- [PROBLEM REQUIREMENTS]: Drop every picture and give the entries back exactly.

- [SOURCE MATERIAL]:
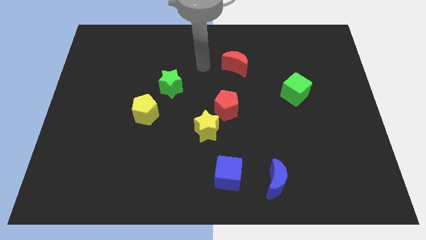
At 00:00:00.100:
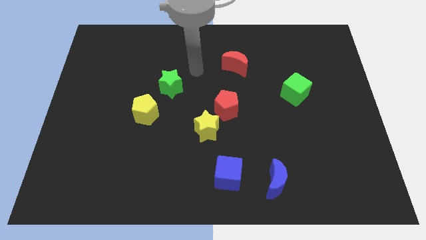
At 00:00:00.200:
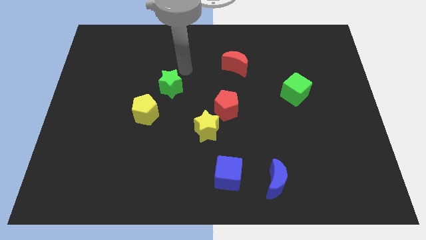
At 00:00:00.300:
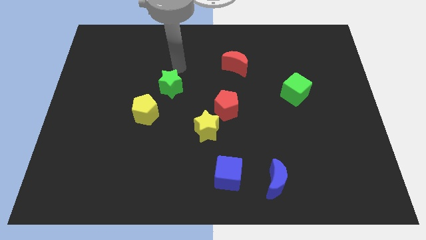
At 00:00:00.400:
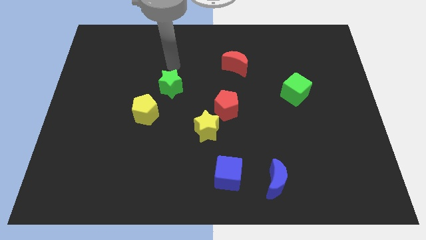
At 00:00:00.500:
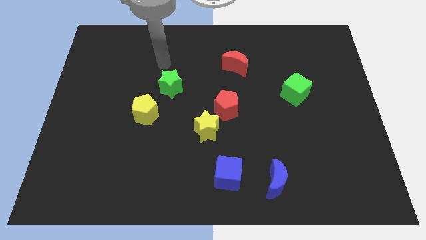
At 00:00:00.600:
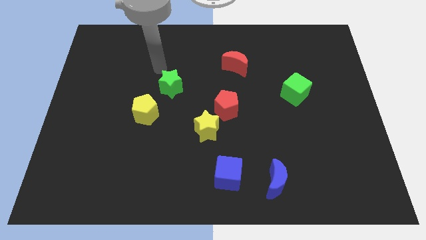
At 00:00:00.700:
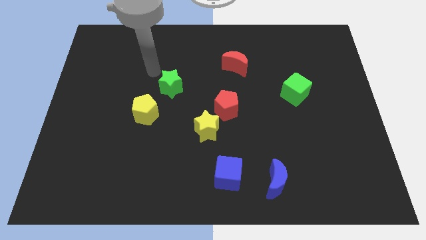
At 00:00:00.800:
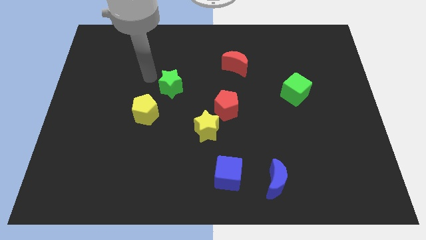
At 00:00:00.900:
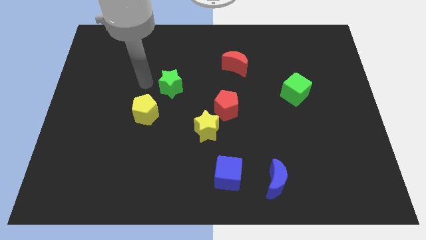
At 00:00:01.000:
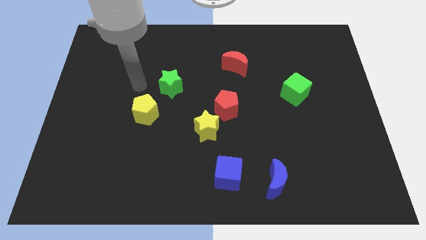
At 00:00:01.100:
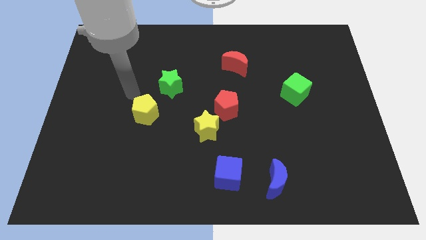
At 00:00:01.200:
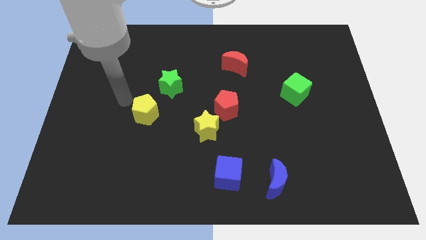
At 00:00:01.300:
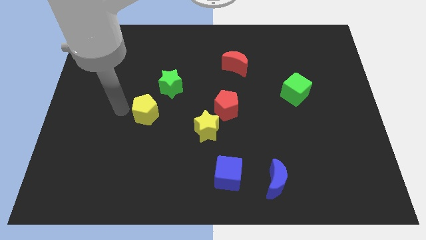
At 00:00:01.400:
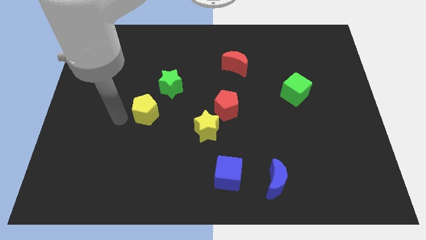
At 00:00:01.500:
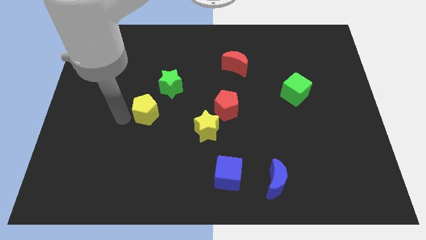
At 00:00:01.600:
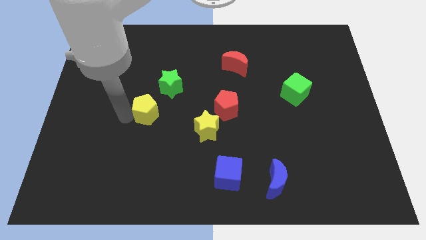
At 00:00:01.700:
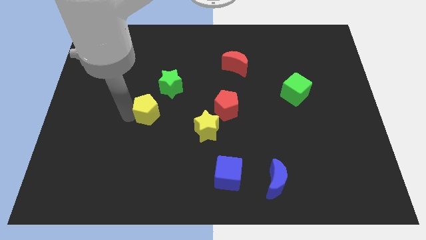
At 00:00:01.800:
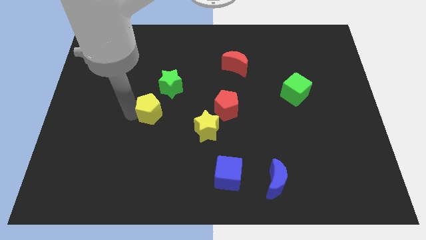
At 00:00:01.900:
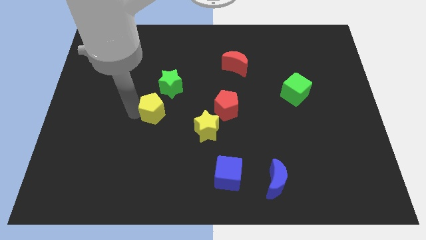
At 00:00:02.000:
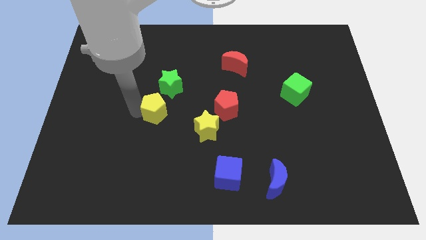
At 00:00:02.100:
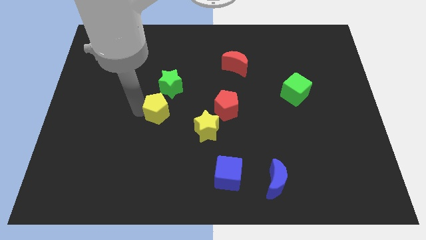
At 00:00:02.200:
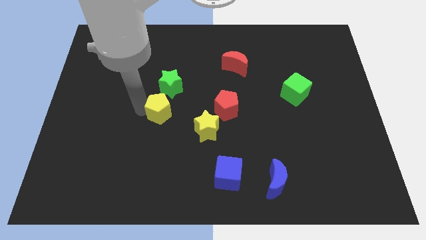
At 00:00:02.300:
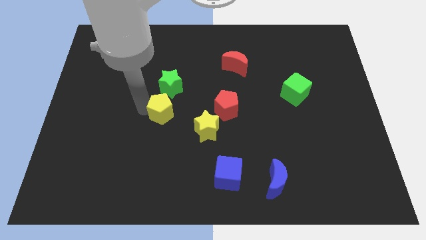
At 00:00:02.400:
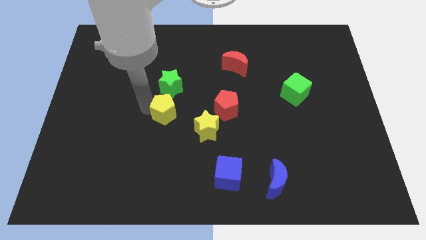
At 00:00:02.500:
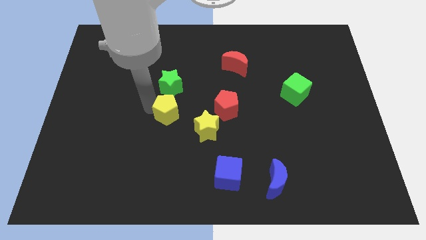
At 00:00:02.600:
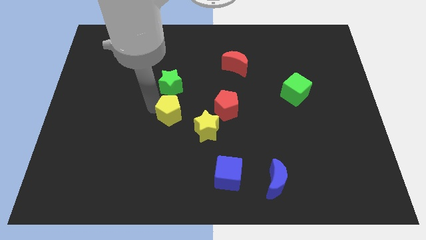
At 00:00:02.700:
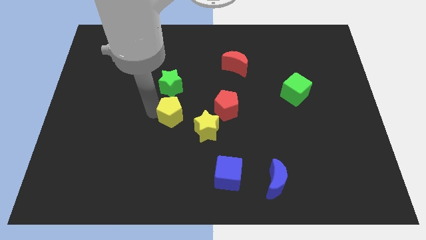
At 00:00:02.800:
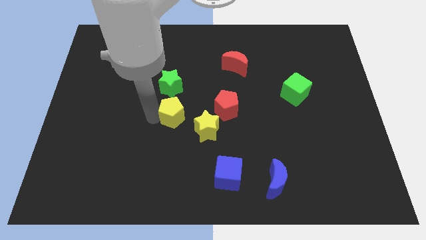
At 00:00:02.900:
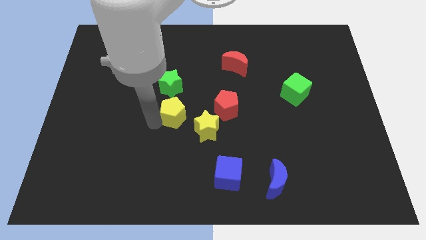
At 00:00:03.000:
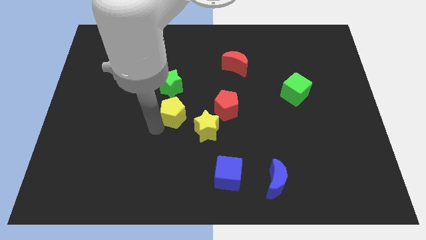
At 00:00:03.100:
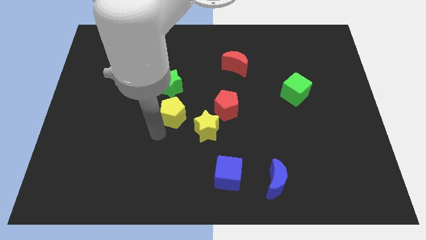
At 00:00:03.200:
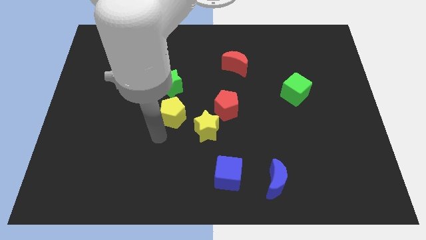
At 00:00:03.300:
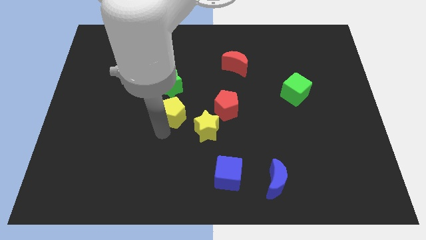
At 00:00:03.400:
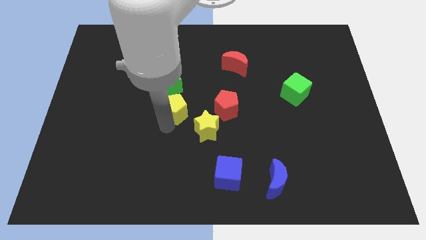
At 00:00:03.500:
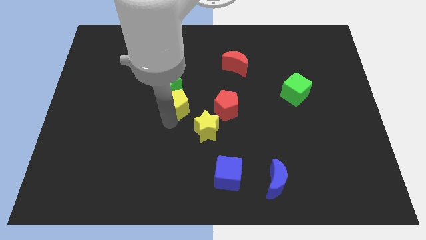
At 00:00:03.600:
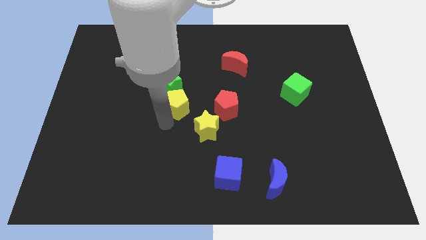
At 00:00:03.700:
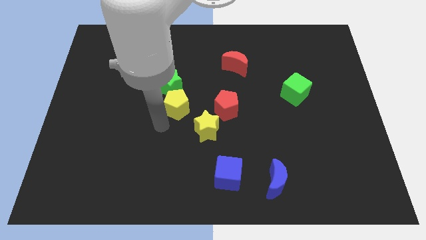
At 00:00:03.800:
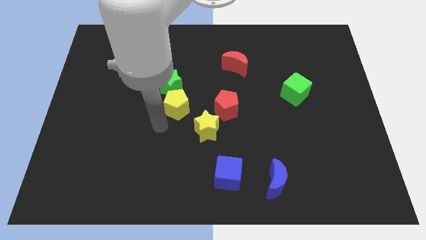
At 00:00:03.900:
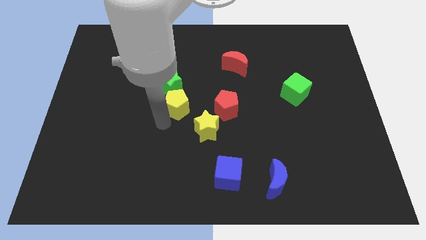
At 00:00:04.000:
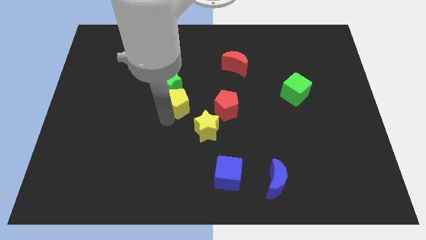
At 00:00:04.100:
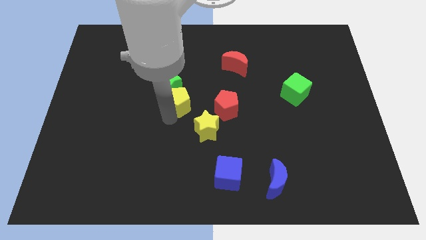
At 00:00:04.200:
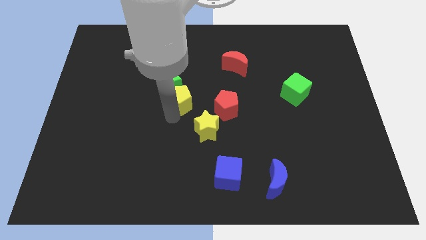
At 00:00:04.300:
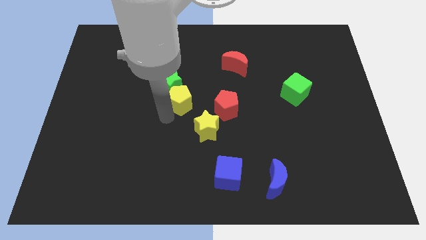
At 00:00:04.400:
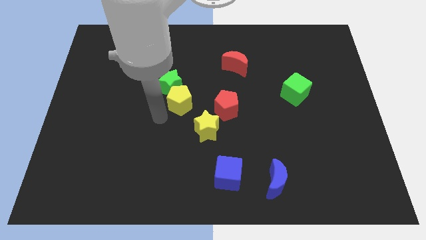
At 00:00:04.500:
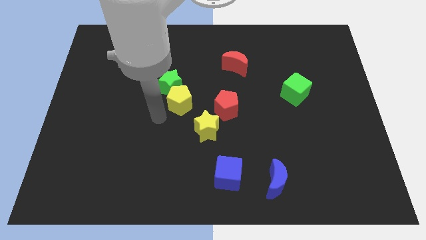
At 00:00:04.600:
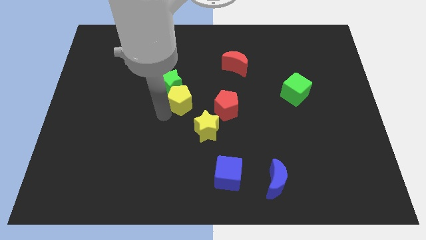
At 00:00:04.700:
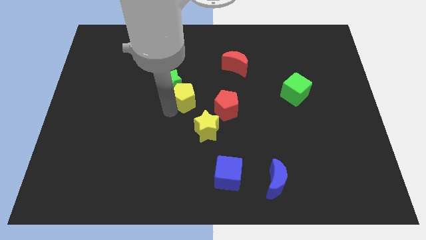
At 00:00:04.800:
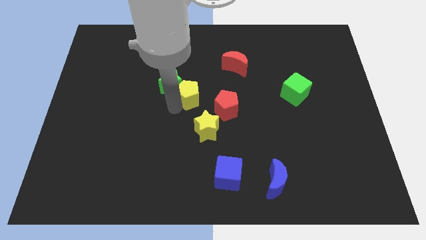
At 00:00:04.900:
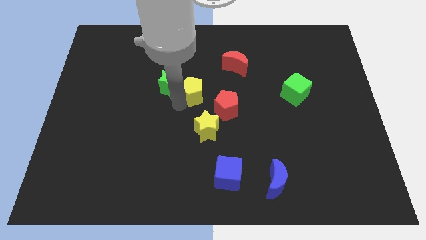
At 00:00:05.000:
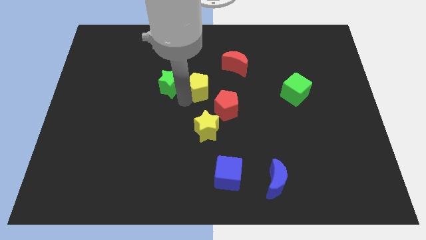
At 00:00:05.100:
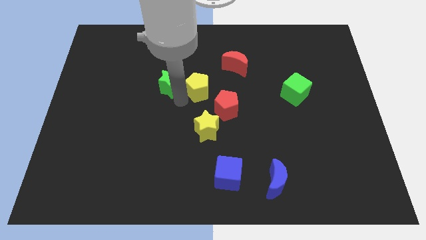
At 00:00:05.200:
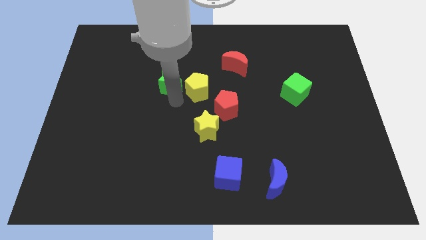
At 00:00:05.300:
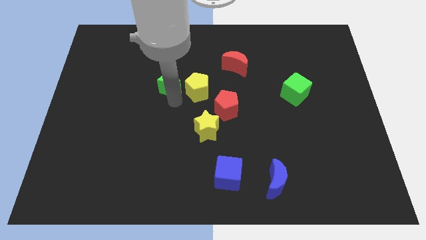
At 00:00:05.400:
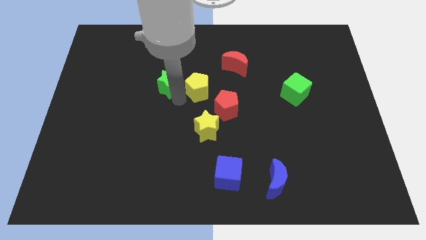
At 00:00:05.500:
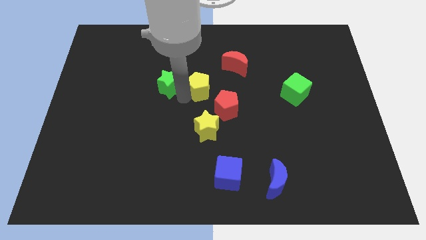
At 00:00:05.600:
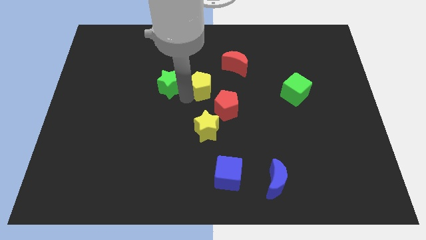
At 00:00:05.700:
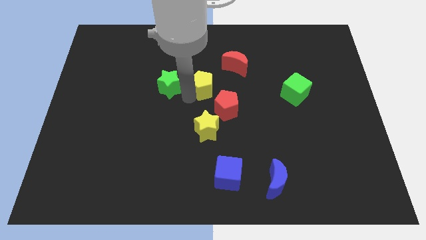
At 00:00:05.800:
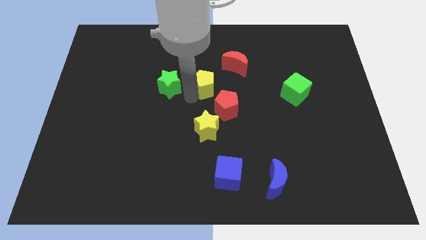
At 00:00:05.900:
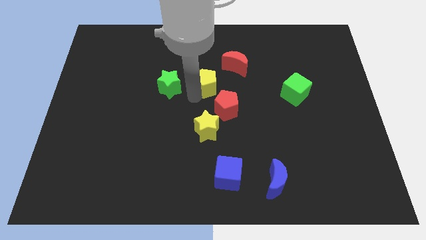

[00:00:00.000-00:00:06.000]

- [RESPONSE AREA]:
At 00:00:00.100:
At 00:00:00.200:
At 00:00:00.300:
At 00:00:00.400:
At 00:00:00.500:
At 00:00:00.600:
At 00:00:00.700:
At 00:00:00.800:
At 00:00:00.900:
At 00:00:01.000:
At 00:00:01.100:
At 00:00:01.200:
At 00:00:01.300:
At 00:00:01.400:
At 00:00:01.500:
At 00:00:01.600:
At 00:00:01.700:
At 00:00:01.800:
At 00:00:01.900:
At 00:00:02.000:
At 00:00:02.100:
At 00:00:02.200:
At 00:00:02.300:
At 00:00:02.400:
At 00:00:02.500:
At 00:00:02.600:
At 00:00:02.700:
At 00:00:02.800:
At 00:00:02.900:
At 00:00:03.000:
At 00:00:03.100:
At 00:00:03.200:
At 00:00:03.300:
At 00:00:03.400:
At 00:00:03.500:
At 00:00:03.600:
At 00:00:03.700:
At 00:00:03.800:
At 00:00:03.900:
At 00:00:04.000:
At 00:00:04.100:
At 00:00:04.200:
At 00:00:04.300:
At 00:00:04.400:
At 00:00:04.500:
At 00:00:04.600:
At 00:00:04.700:
At 00:00:04.800:
At 00:00:04.900:
At 00:00:05.000:
At 00:00:05.100:
At 00:00:05.200:
At 00:00:05.300:
At 00:00:05.400:
At 00:00:05.500:
At 00:00:05.600:
At 00:00:05.700:
At 00:00:05.800:
At 00:00:05.900:

[00:00:00.000-00:00:06.000]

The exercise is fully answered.